*** DATA ***
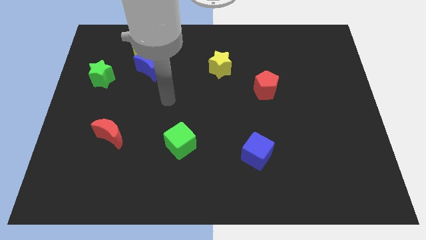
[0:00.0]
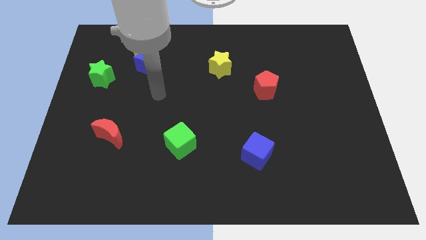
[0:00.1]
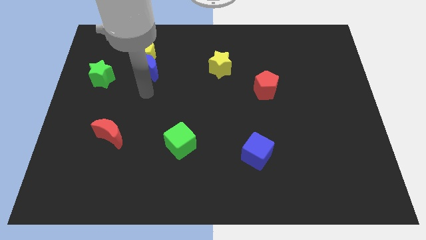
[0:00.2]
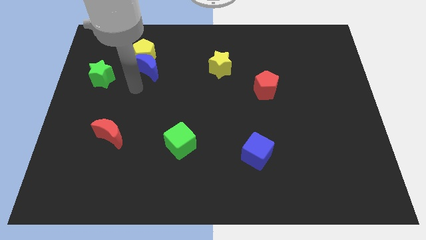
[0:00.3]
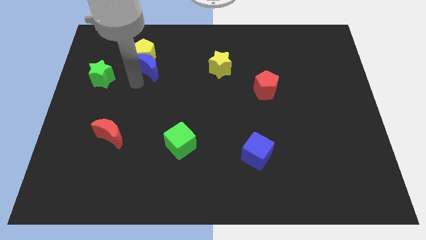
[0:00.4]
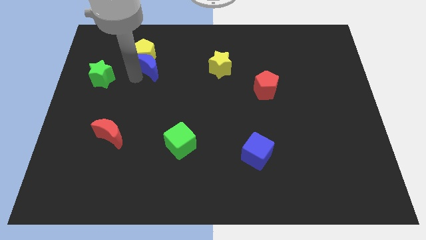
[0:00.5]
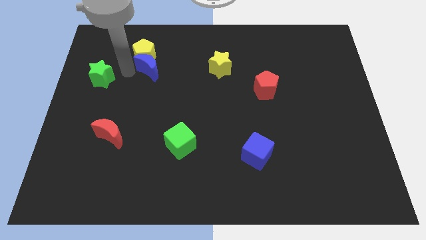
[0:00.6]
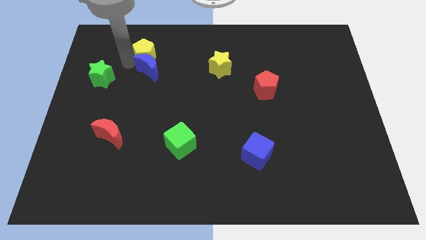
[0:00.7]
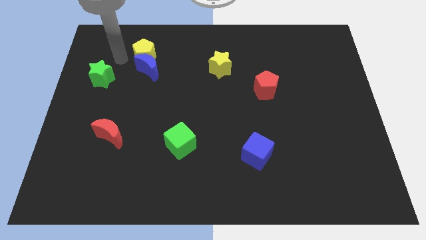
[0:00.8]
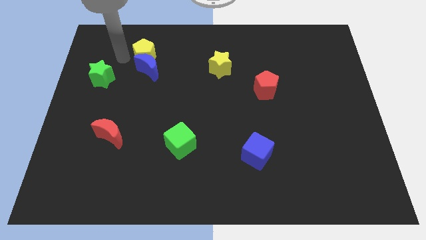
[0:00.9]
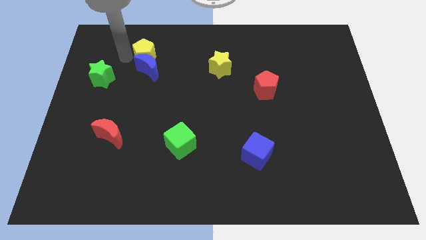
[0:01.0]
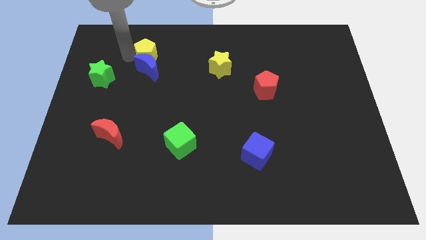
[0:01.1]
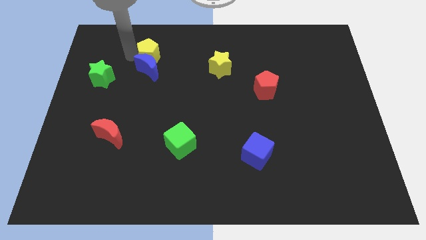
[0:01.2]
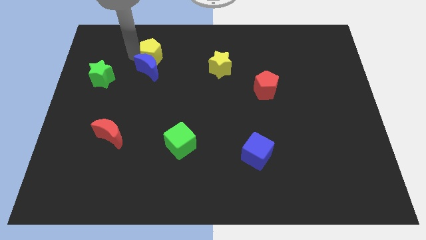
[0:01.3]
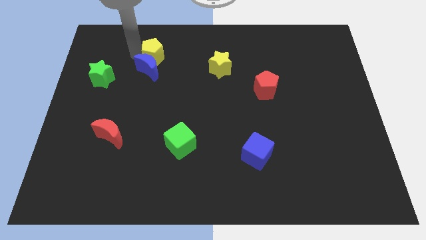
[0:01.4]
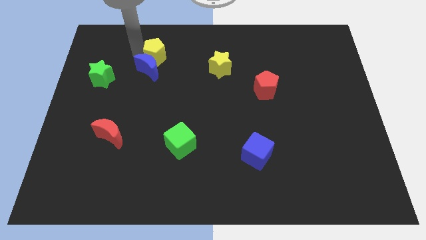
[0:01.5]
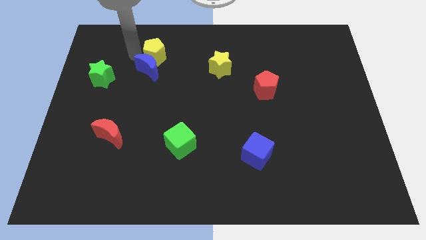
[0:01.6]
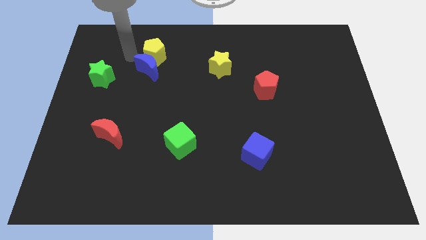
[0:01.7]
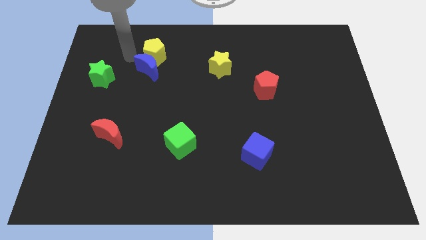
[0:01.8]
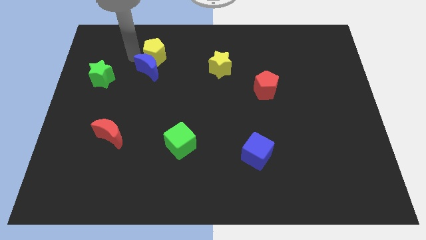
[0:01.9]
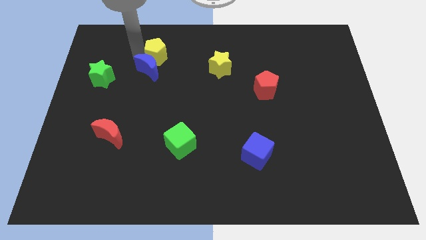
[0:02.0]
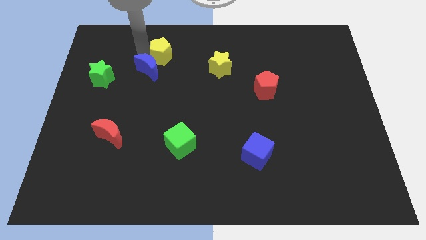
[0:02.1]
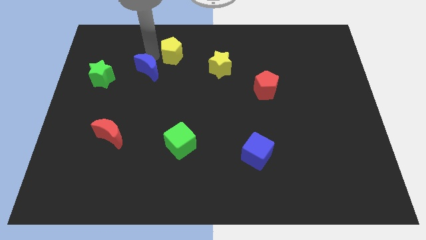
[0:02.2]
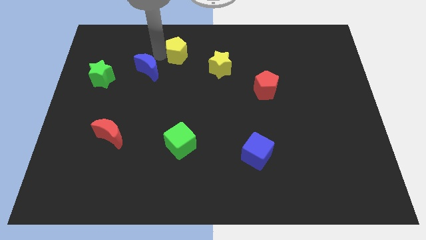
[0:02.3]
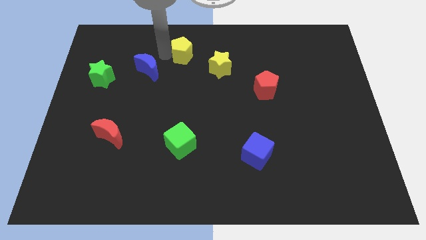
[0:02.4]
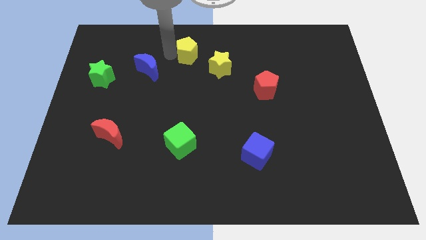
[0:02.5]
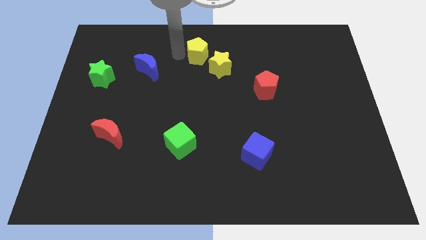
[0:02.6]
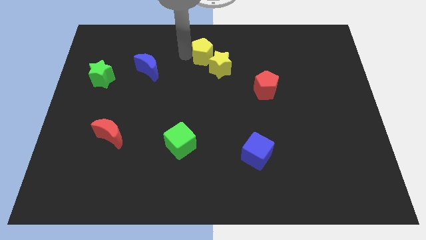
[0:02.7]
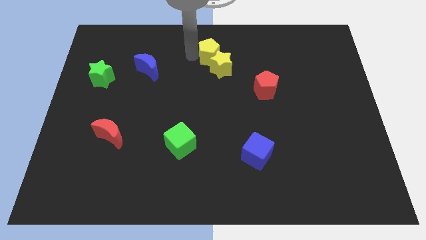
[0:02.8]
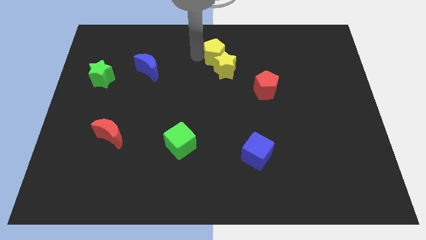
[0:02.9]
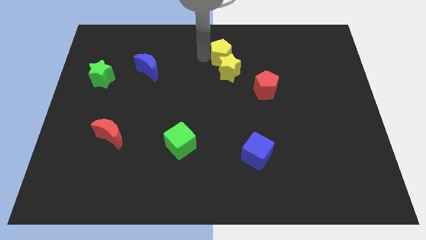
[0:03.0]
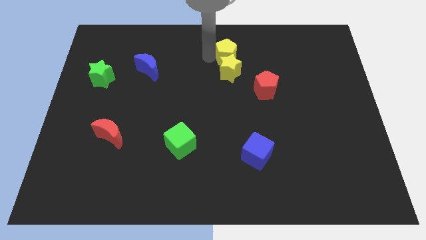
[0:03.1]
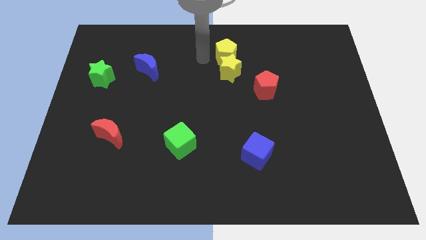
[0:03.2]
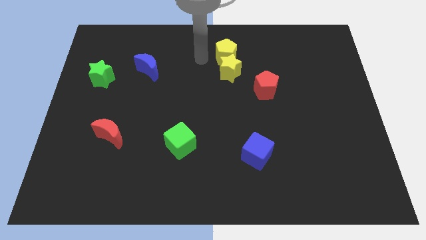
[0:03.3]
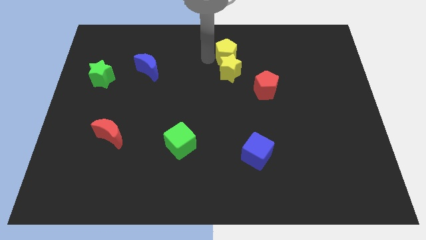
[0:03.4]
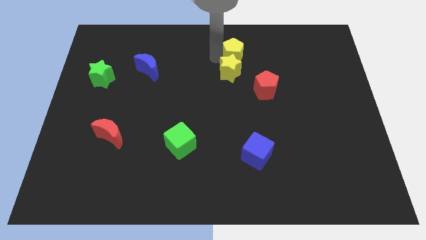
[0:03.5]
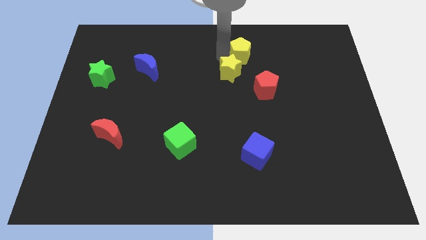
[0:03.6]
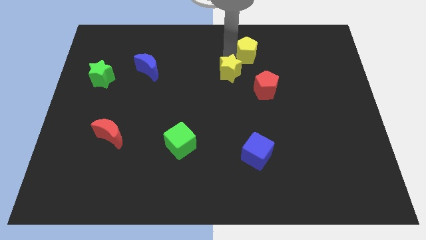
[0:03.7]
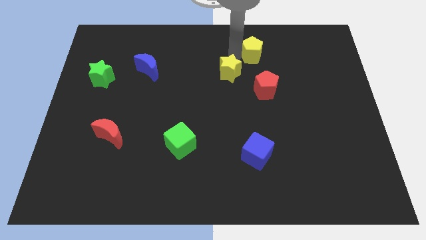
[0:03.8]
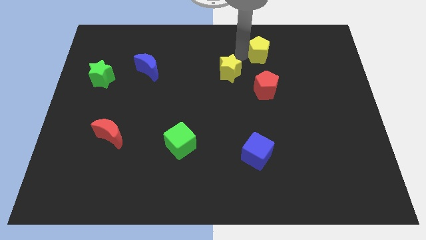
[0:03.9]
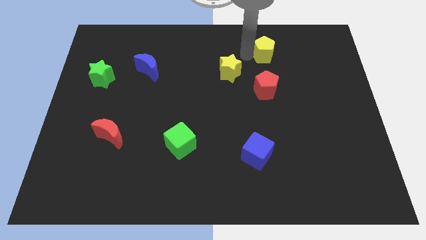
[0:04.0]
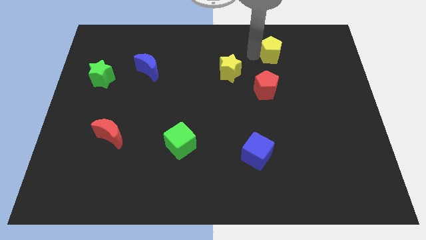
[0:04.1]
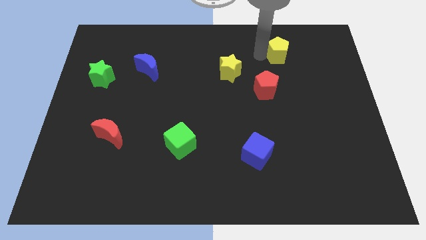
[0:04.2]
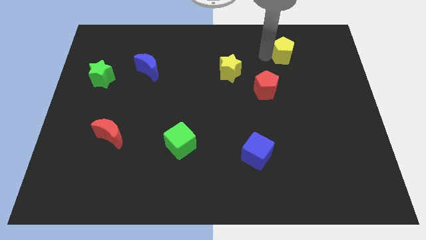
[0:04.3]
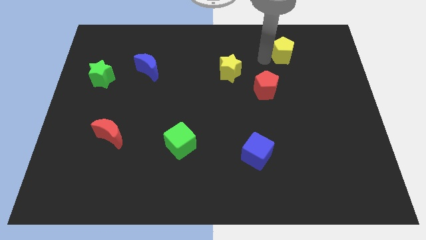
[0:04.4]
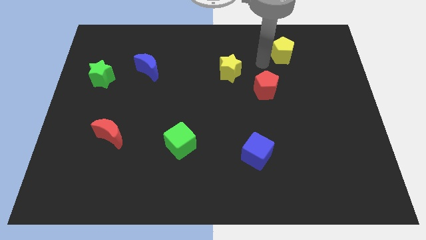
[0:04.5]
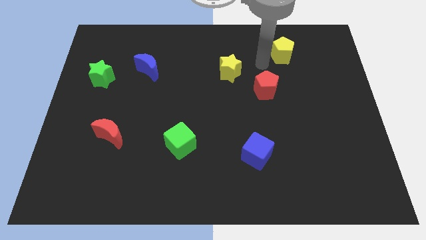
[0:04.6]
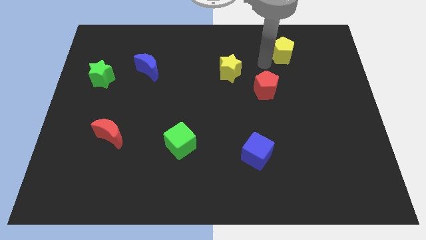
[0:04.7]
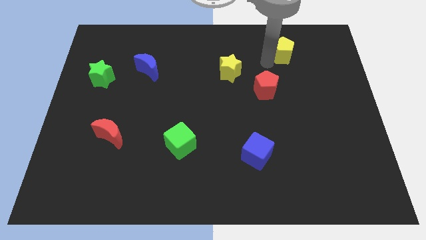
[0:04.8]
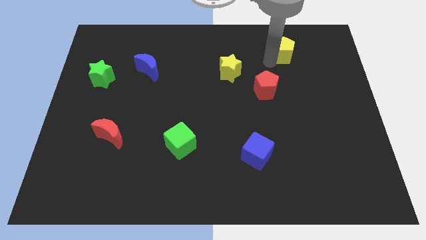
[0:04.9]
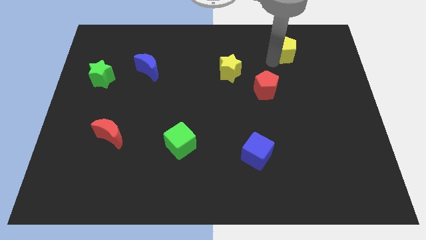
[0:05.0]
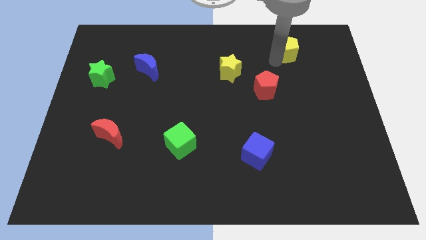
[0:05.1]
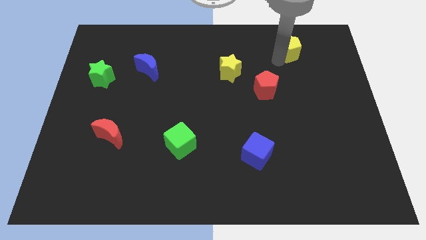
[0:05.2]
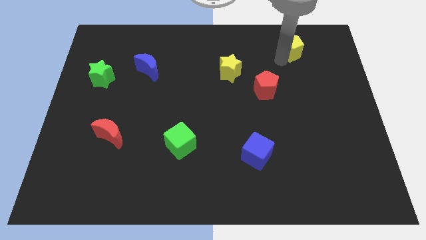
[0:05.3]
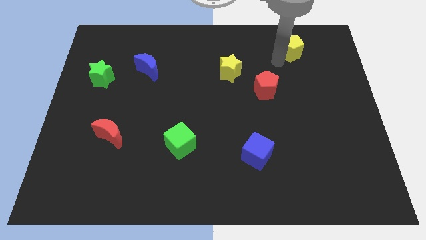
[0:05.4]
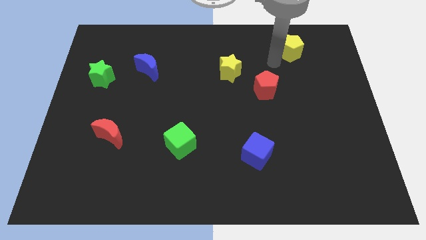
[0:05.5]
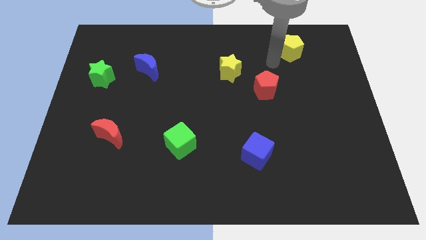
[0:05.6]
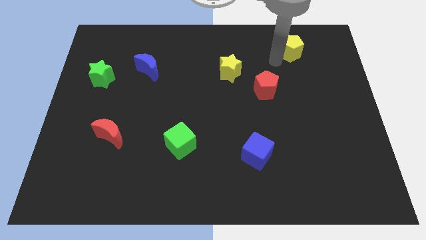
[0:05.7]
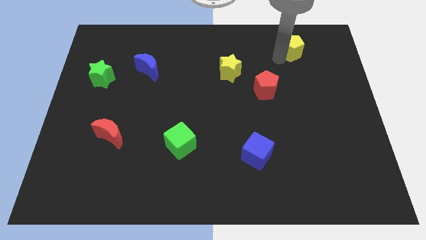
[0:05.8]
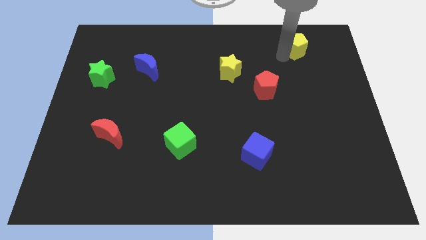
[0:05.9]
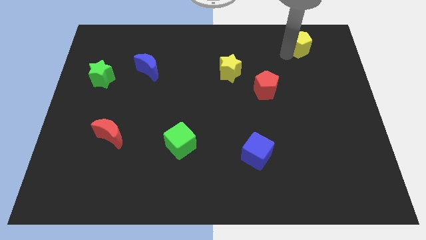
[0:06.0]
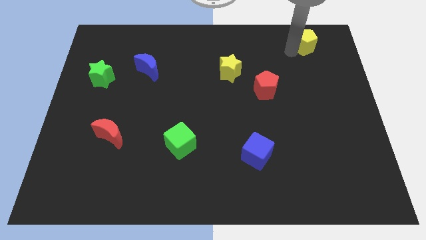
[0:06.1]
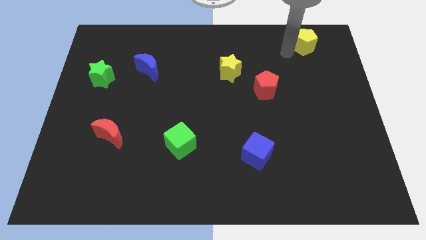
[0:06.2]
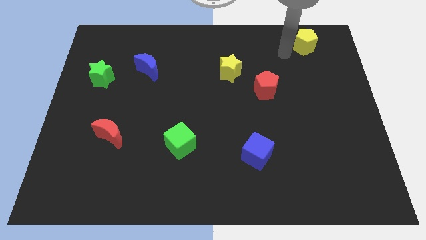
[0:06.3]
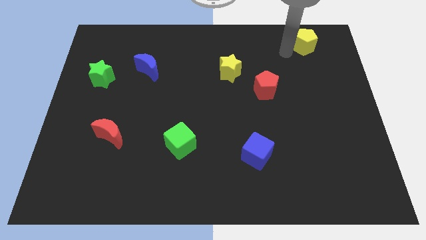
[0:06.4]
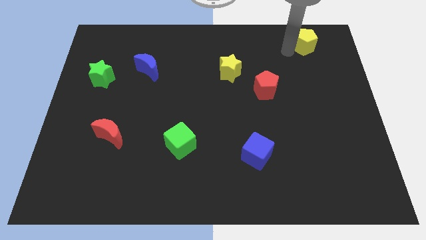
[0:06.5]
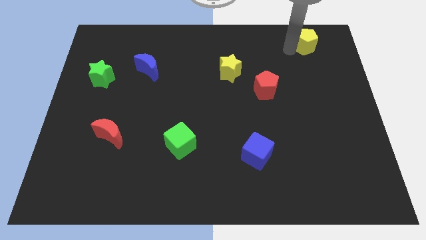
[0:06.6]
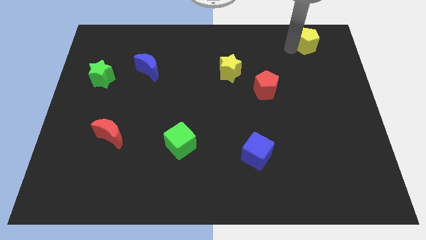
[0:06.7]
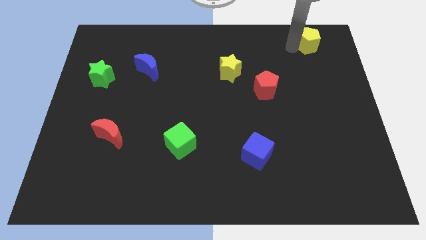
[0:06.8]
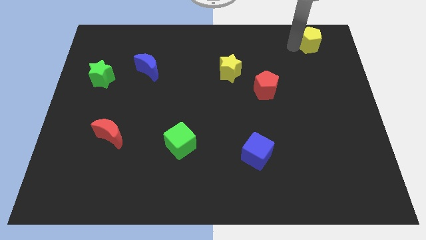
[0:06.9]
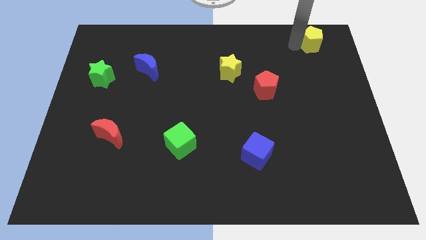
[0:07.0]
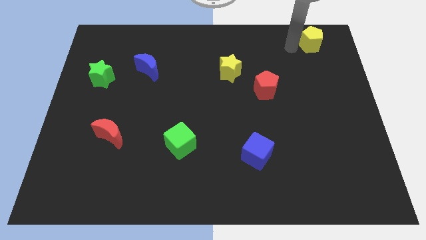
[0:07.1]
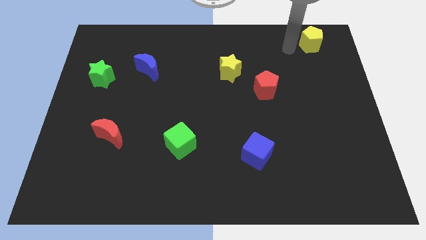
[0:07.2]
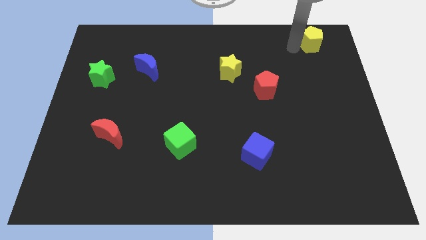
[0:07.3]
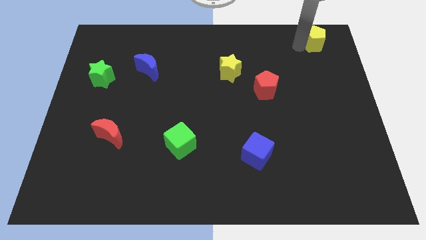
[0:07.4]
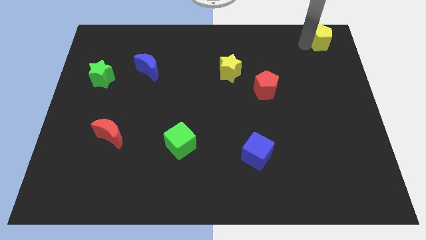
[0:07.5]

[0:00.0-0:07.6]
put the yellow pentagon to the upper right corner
*** End of DATA ***
Retype all records exactly as shown above, images excluded.

[0:00.0]
[0:00.1]
[0:00.2]
[0:00.3]
[0:00.4]
[0:00.5]
[0:00.6]
[0:00.7]
[0:00.8]
[0:00.9]
[0:01.0]
[0:01.1]
[0:01.2]
[0:01.3]
[0:01.4]
[0:01.5]
[0:01.6]
[0:01.7]
[0:01.8]
[0:01.9]
[0:02.0]
[0:02.1]
[0:02.2]
[0:02.3]
[0:02.4]
[0:02.5]
[0:02.6]
[0:02.7]
[0:02.8]
[0:02.9]
[0:03.0]
[0:03.1]
[0:03.2]
[0:03.3]
[0:03.4]
[0:03.5]
[0:03.6]
[0:03.7]
[0:03.8]
[0:03.9]
[0:04.0]
[0:04.1]
[0:04.2]
[0:04.3]
[0:04.4]
[0:04.5]
[0:04.6]
[0:04.7]
[0:04.8]
[0:04.9]
[0:05.0]
[0:05.1]
[0:05.2]
[0:05.3]
[0:05.4]
[0:05.5]
[0:05.6]
[0:05.7]
[0:05.8]
[0:05.9]
[0:06.0]
[0:06.1]
[0:06.2]
[0:06.3]
[0:06.4]
[0:06.5]
[0:06.6]
[0:06.7]
[0:06.8]
[0:06.9]
[0:07.0]
[0:07.1]
[0:07.2]
[0:07.3]
[0:07.4]
[0:07.5]

[0:00.0-0:07.6]
put the yellow pentagon to the upper right corner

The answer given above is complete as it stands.